When you reach the line with "share of the ground: > 75 %" in the data below, begin printing lines exactly, and stop once the line with "longitude: 14.1426" has been printed.

• DATA SHOWN:
=======
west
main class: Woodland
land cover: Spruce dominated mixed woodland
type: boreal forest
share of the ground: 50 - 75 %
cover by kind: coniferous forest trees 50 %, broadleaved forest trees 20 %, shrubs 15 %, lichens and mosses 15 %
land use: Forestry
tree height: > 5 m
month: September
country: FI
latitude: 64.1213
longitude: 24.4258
=======
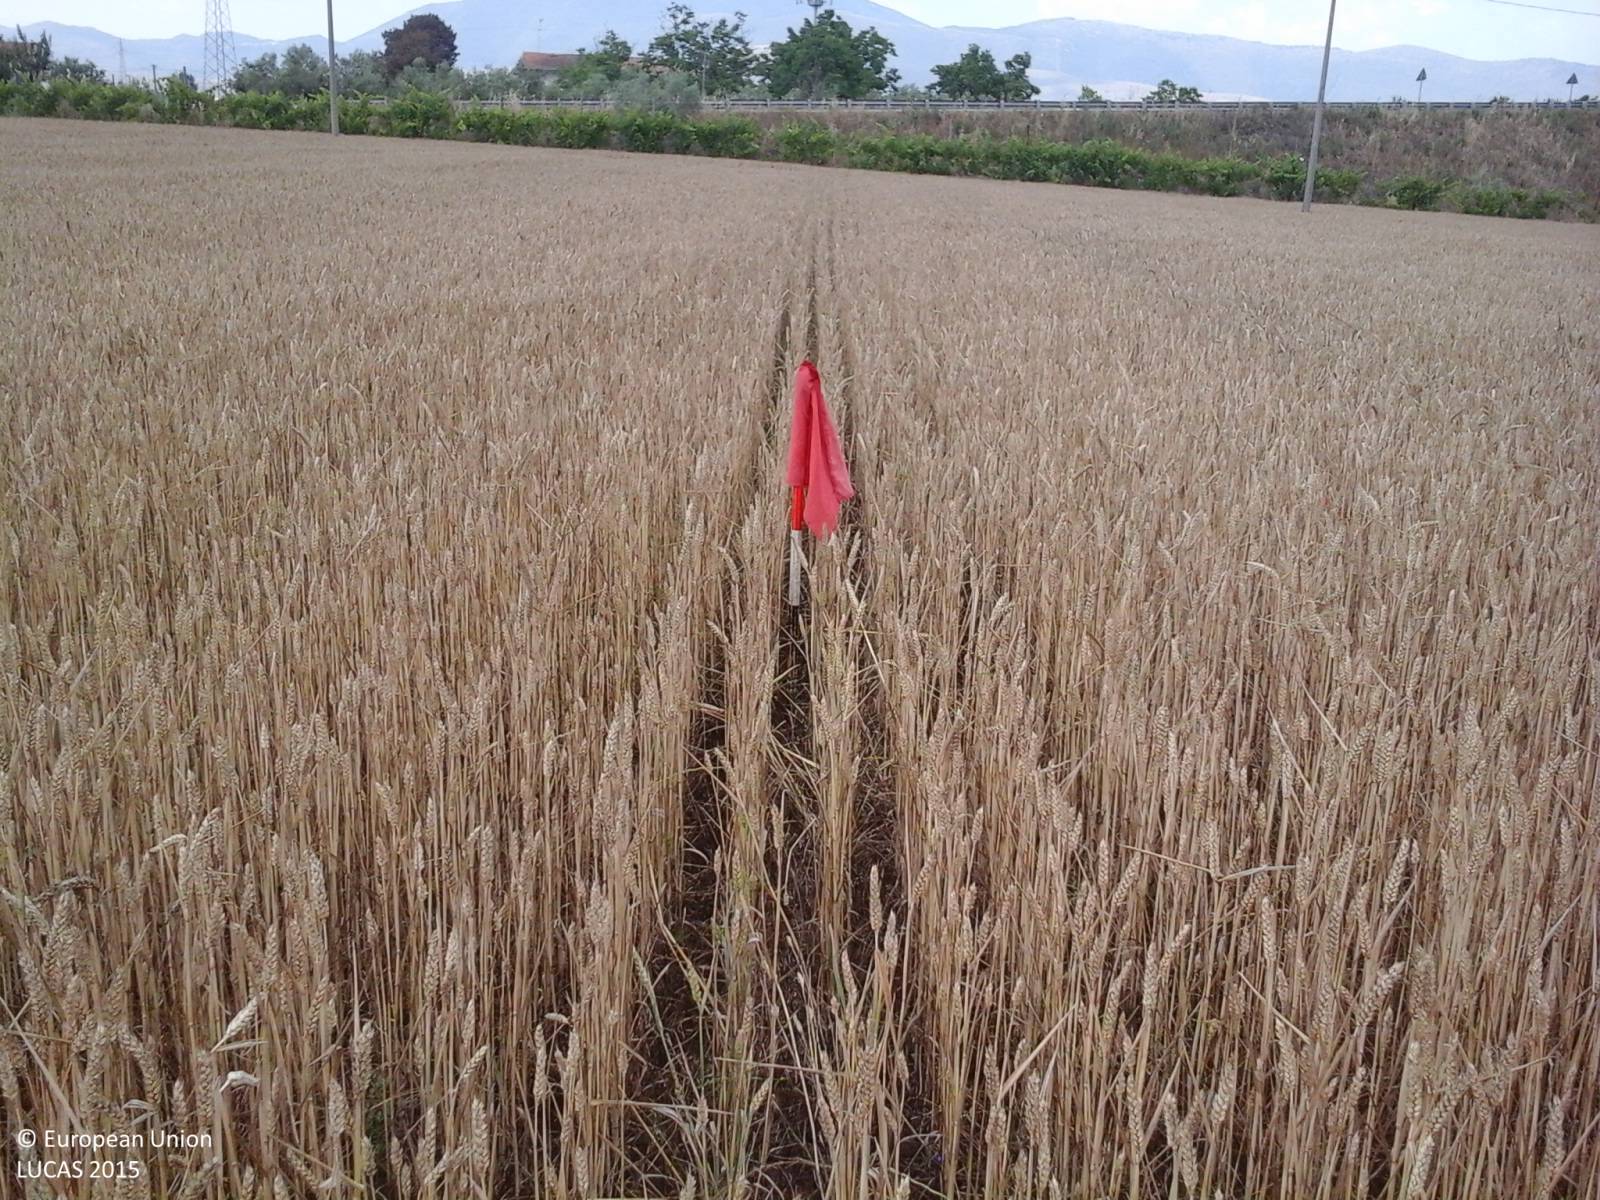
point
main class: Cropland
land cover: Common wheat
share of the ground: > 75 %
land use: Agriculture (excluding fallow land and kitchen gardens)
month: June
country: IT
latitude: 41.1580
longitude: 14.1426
=======
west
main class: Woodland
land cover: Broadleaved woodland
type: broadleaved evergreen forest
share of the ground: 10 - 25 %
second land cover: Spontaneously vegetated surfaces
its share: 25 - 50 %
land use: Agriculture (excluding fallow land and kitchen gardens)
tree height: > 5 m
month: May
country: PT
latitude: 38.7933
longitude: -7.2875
=======
• TASK RESPONSE:
share of the ground: > 75 %
land use: Agriculture (excluding fallow land and kitchen gardens)
month: June
country: IT
latitude: 41.1580
longitude: 14.1426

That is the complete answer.